X 7/29/02
By jab16
- 686 reads
Work Diary, 7/29/02
My partner discovered a website that has all of us giggling nervously
and wondering just what has happened to mankind. As I don't want to
give the site a free plug (and in deference to our ABC minors), I won't
give out its name. Suffice it to say that, compared to everything else
I've seen on the web, the site is appallingly titillating; frightfully
mesmerizing; guiltily appealing. In short, it produces a veritable
hodgepodge of emotions, none of which I can pin down just yet but,
then, I only saw the site for the first time this weekend.
Warning: If you are easily offended (which is not my intent) or
squeamish about creepy socio-sexual topics, stop reading (or
continue?it's not THAT bad).
The premise: A man takes a video camera, his van, a couple of bodacious
ladies, and a somewhat nelly homosexual onto the streets of Miami (this
is already sounding like a bad joke). The van prowls along, its
occupants on the lookout for prey. In this case, the prey consists of
heterosexual men: middle-aged, preppy college types, surfers?it doesn't
matter, as long the men are straight and relatively good-looking. Once
the mark is spotted, the driver pulls over and asks him a simple
question (for instance: How might one get to the airport from here? Or:
Where is 1st Street?). The driver offers some polite chatter, then goes
for the kill and asks the man if he'd like to make some extra
cash.
"How?" the man typically replies.

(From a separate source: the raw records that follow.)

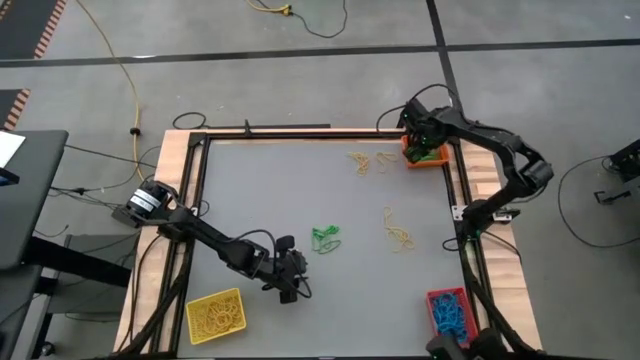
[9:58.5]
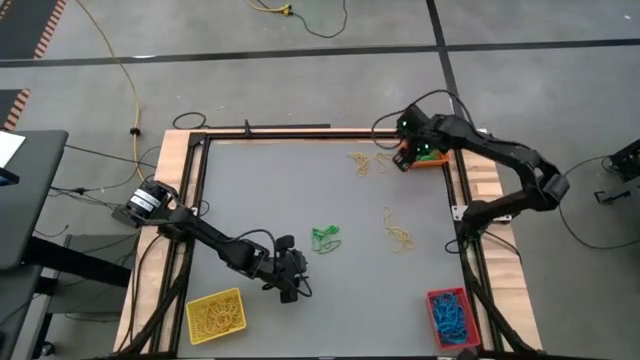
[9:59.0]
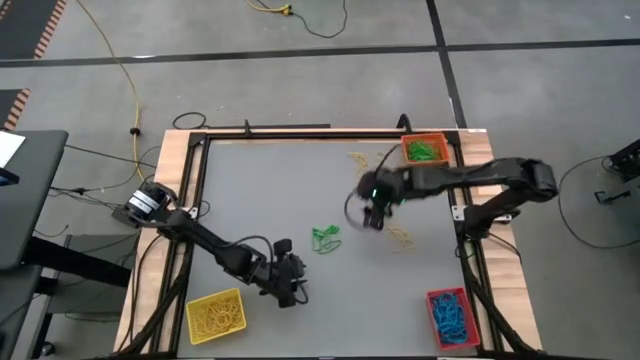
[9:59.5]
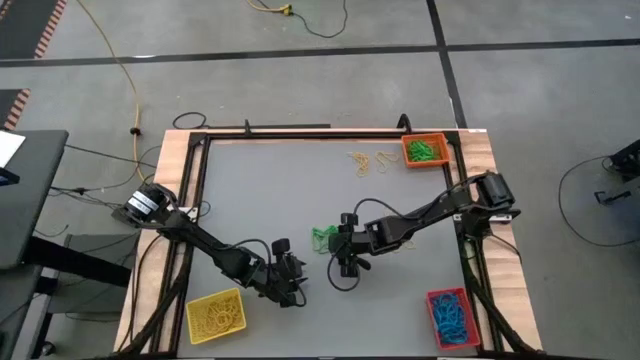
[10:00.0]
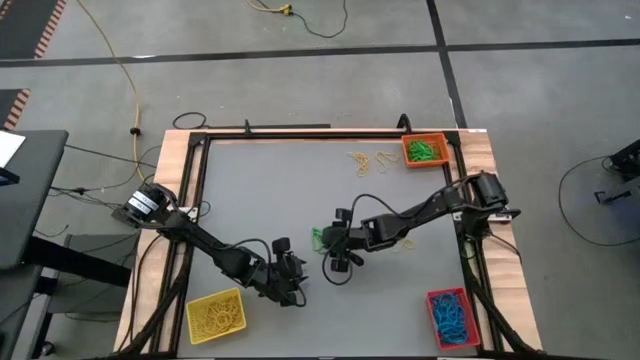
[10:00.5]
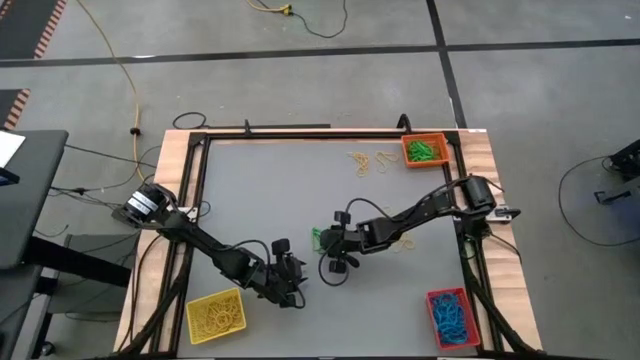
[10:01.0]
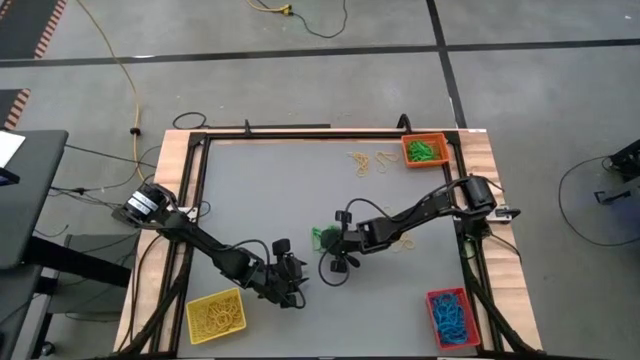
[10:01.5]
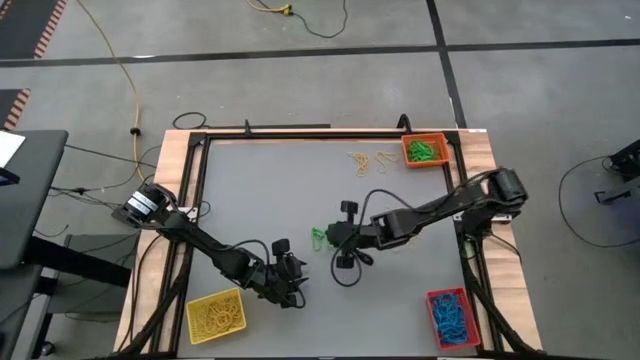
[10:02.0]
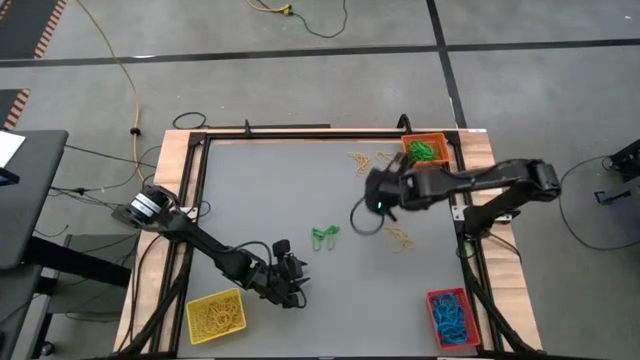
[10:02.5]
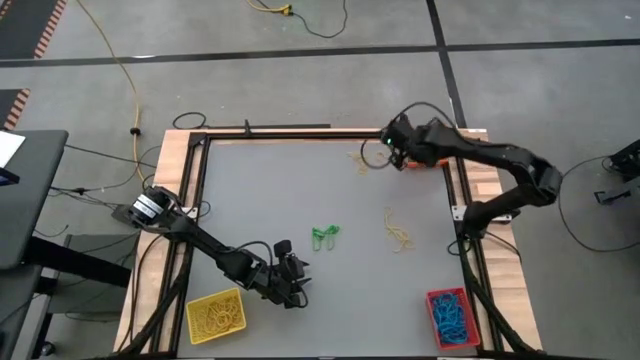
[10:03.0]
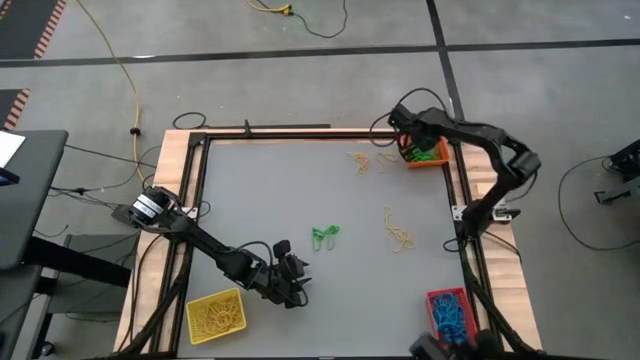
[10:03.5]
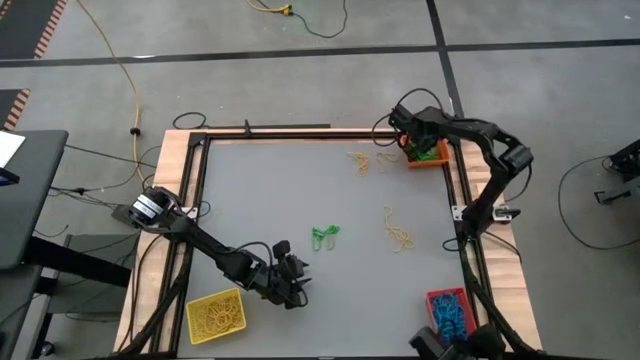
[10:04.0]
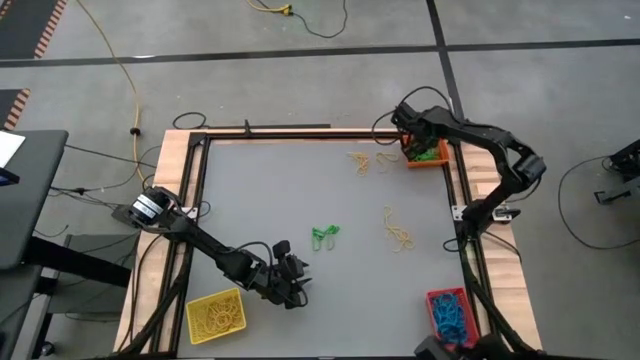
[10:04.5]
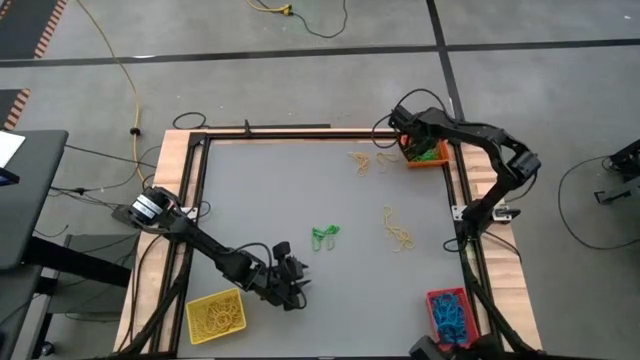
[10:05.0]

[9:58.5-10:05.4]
Task: Sort rubber bands into baskets
Put the green rubber band into the orange bin

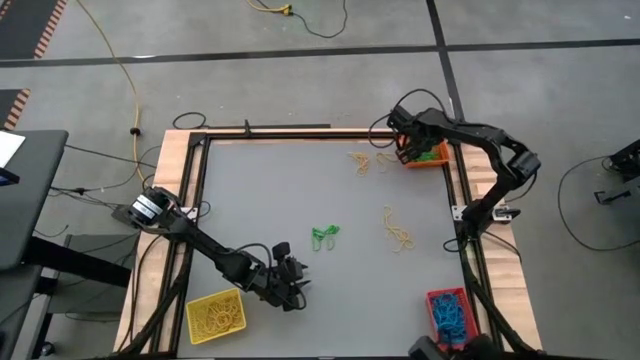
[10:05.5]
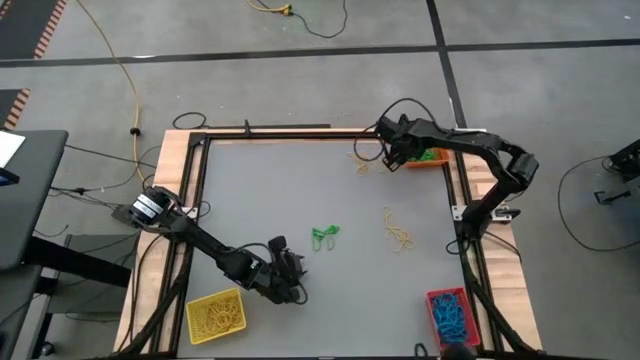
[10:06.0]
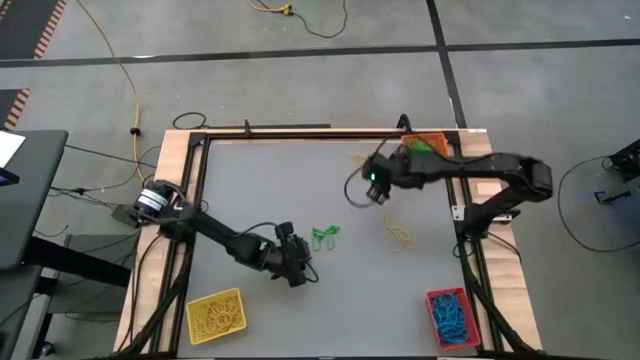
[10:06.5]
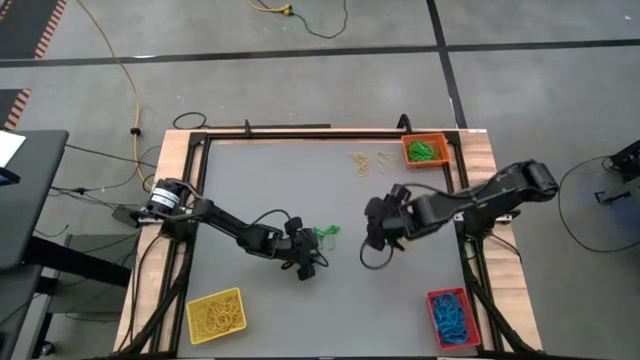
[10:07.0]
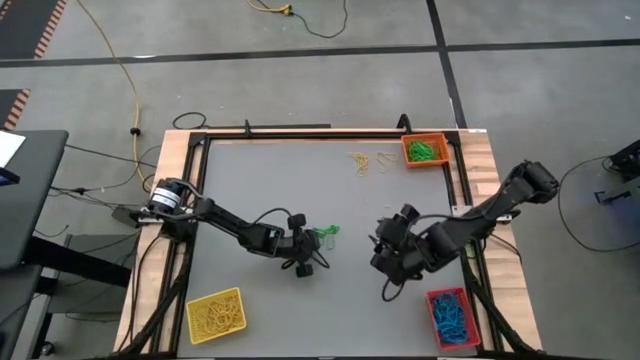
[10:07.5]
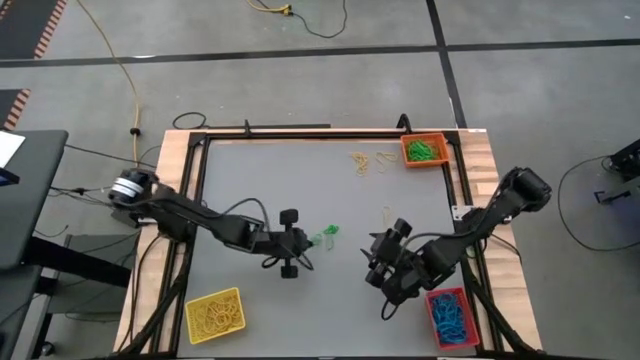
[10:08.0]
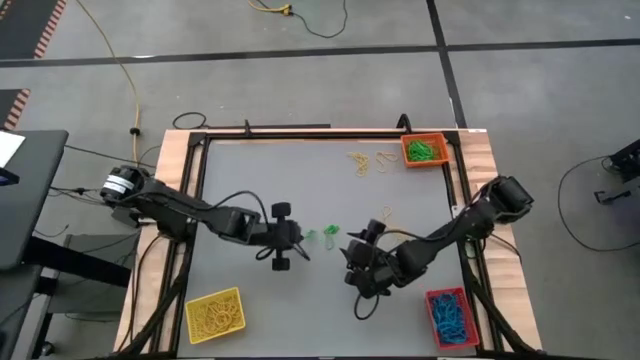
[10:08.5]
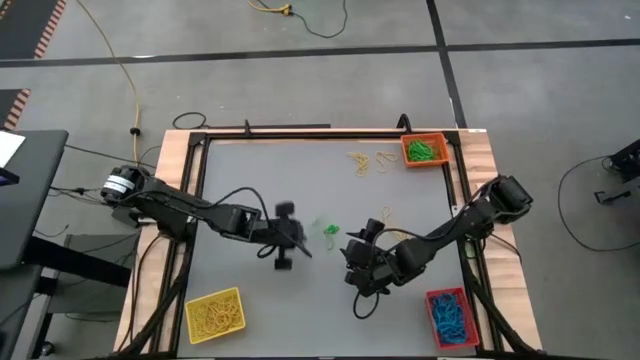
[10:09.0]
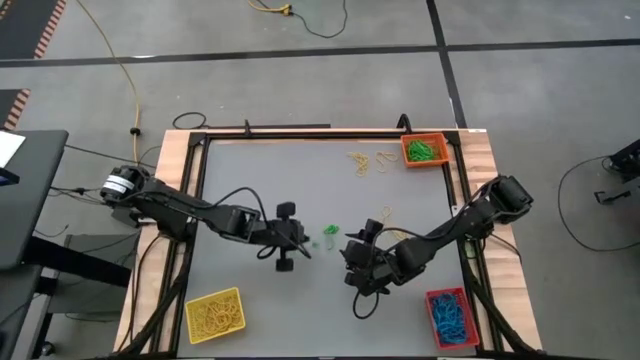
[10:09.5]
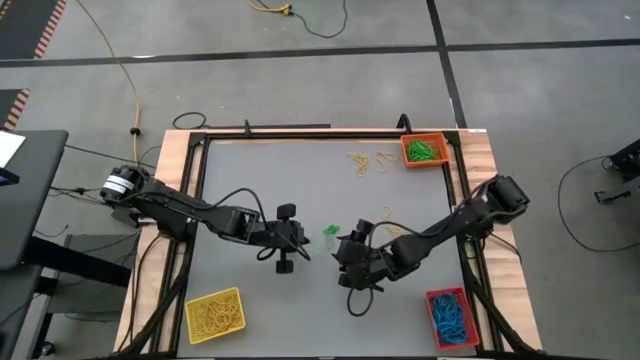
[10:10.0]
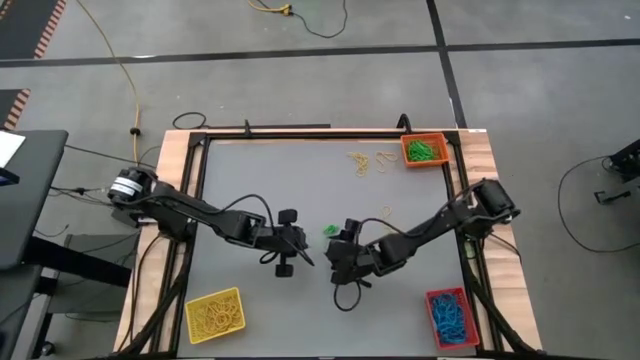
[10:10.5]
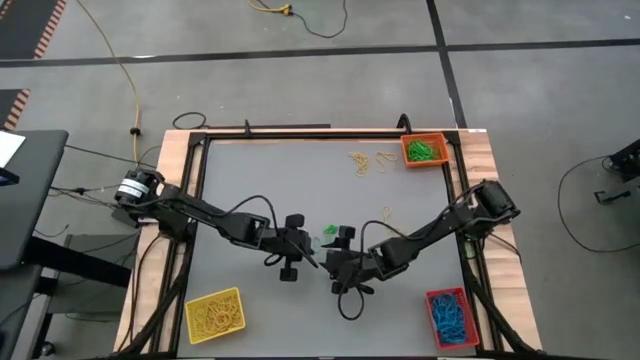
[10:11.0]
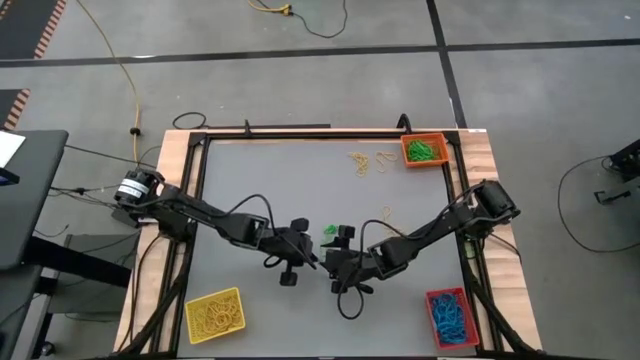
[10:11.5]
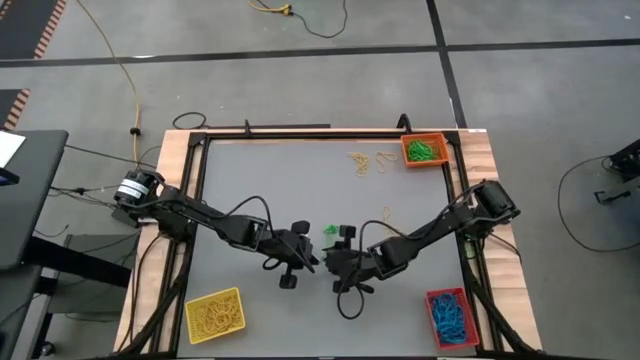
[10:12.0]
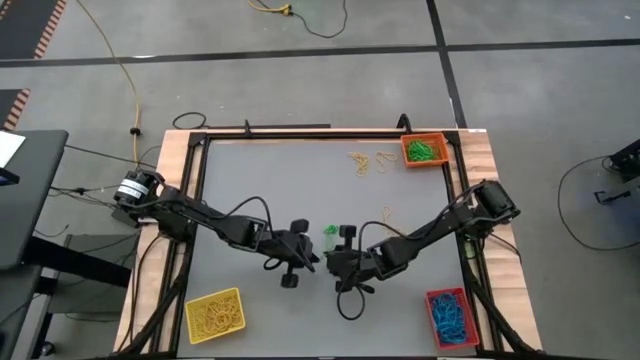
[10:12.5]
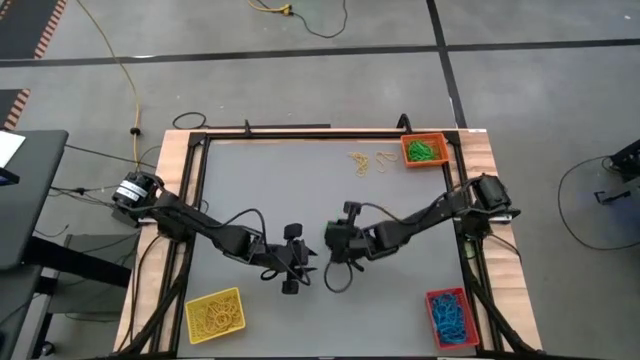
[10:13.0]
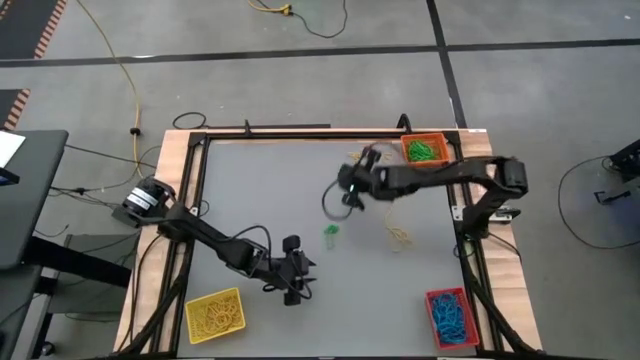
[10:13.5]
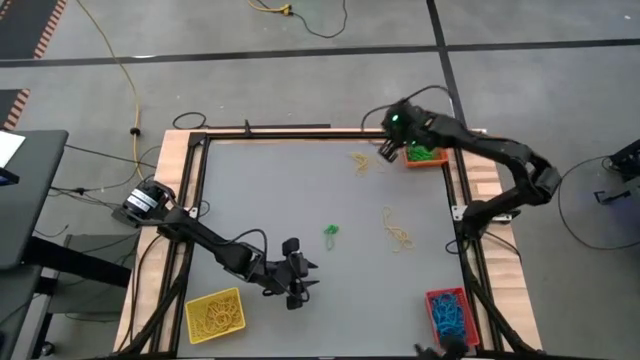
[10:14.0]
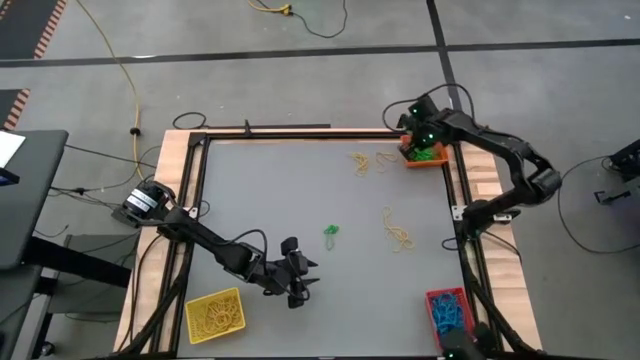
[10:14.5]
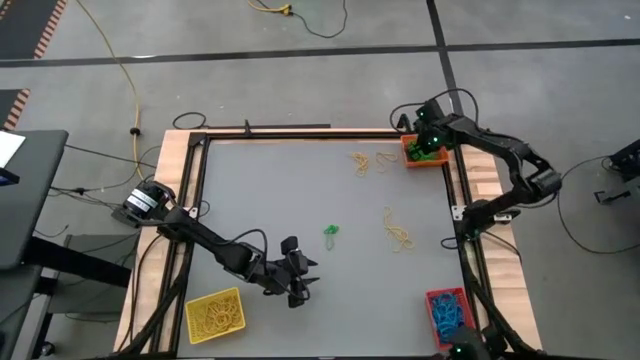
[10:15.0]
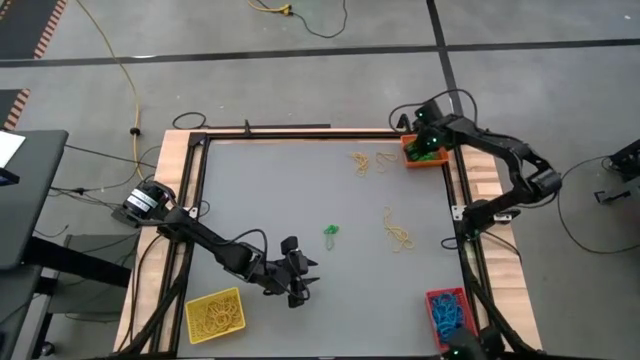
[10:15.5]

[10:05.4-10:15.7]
Put the green rubber band into the orange bin

An offer is made: Get into the van,
have sex with one (or both) of these ladies, let us film you, and
that's it. To further entice the unsuspecting straight male, the bait
flashes her breasts and/or performs some nauseating feat with her lips
and tongue, smiling the whole time. Despite his reputation, the
heterosexual male is not likely to jump into a strange van to have sex
with a sexy stranger, so more offers are made, the ante is upped, the
man is slowly convinced. He gets into the van.
The friendly group and its clearly nervous passenger hit the road. Bait
Girl fairly oozes over her prize, getting him charged up while the
cameraman keeps up a constant commentary concerning the man's job, his
age, and other not-so-vital statistics. The man relaxes bit by bit,
which is good, because he's about to fall victim to the old
bait-and-switch. The man is asked if he'd allow the homosexual to
perform oral sex on him. Naturally, the man declines. So the financial
reward increases?$3,000.00?$4,000.00, and he'll STILL get to have sex
with the girl! An amazing payment, really, for lying back and, well,
taking it like a man.
Incredibly, the man agrees. The man, if you're wondering, is not an
actor. No actor could ever express the clear distaste and confusion
that this poor fellow is experiencing as another MAN begins undoing his
belt, massaging him, and doing things one does not normally associate
with a family-sized minivan. The homosexual, in almost apoplectic joy
at scoring a heterosexual, provides enough salacious speech to
embarrass Hugh Hefner. The girl, concerned about her catch's
tumescence, also keeps up her cooing and giggling. Again, incredibly,
the man manages to perform.
But that's not all! After some rather icky slurping and lascivious
looks from the homosexual, the cameraman steps up his chatter. Might
the man consider performing anal intercourse on the homosexual? Does he
want $1,000.00 more to take home? It's all so simple; pretend he's a
she, here's a condom, haven't you ever done this before with a girl?
It's all the same!
No, really, it's not. But does the man do it? You bet. While everyone
in the van watches, he puts himself in arguably the tightest spot of
the love that dare not speak its name. He huffs, he puffs, he puts his
leg up on the seat as the cameraman directs. He even lays back, hands
behind his head, and gets ridden for several miles. And, if you look
close enough, his eyes are closed the whole time.
But, hey, it's just a job, right? Surely that is what he is telling
himself; plus, when this stinky, hairy nightmare is finished, he'll get
the girl?and a lot of money. That's something to look forward to! Alas,
it isn't to be. Using some pretense or another, the cameraman stops the
van, manages to get the man outside, and with nary a wave goodbye,
hightails it the hell out of there. In one episode, the man is handed a
check, written out to "Dumb Ass" for "zero dollars." In another, the
man is checking a supposedly flat tire, and eats dust on the side of a
deserted road as the van roars away. The man goes unpaid, used an
abused, his very manhood now in question in front of millions of
internet users.
What do you think? It's all true. Really.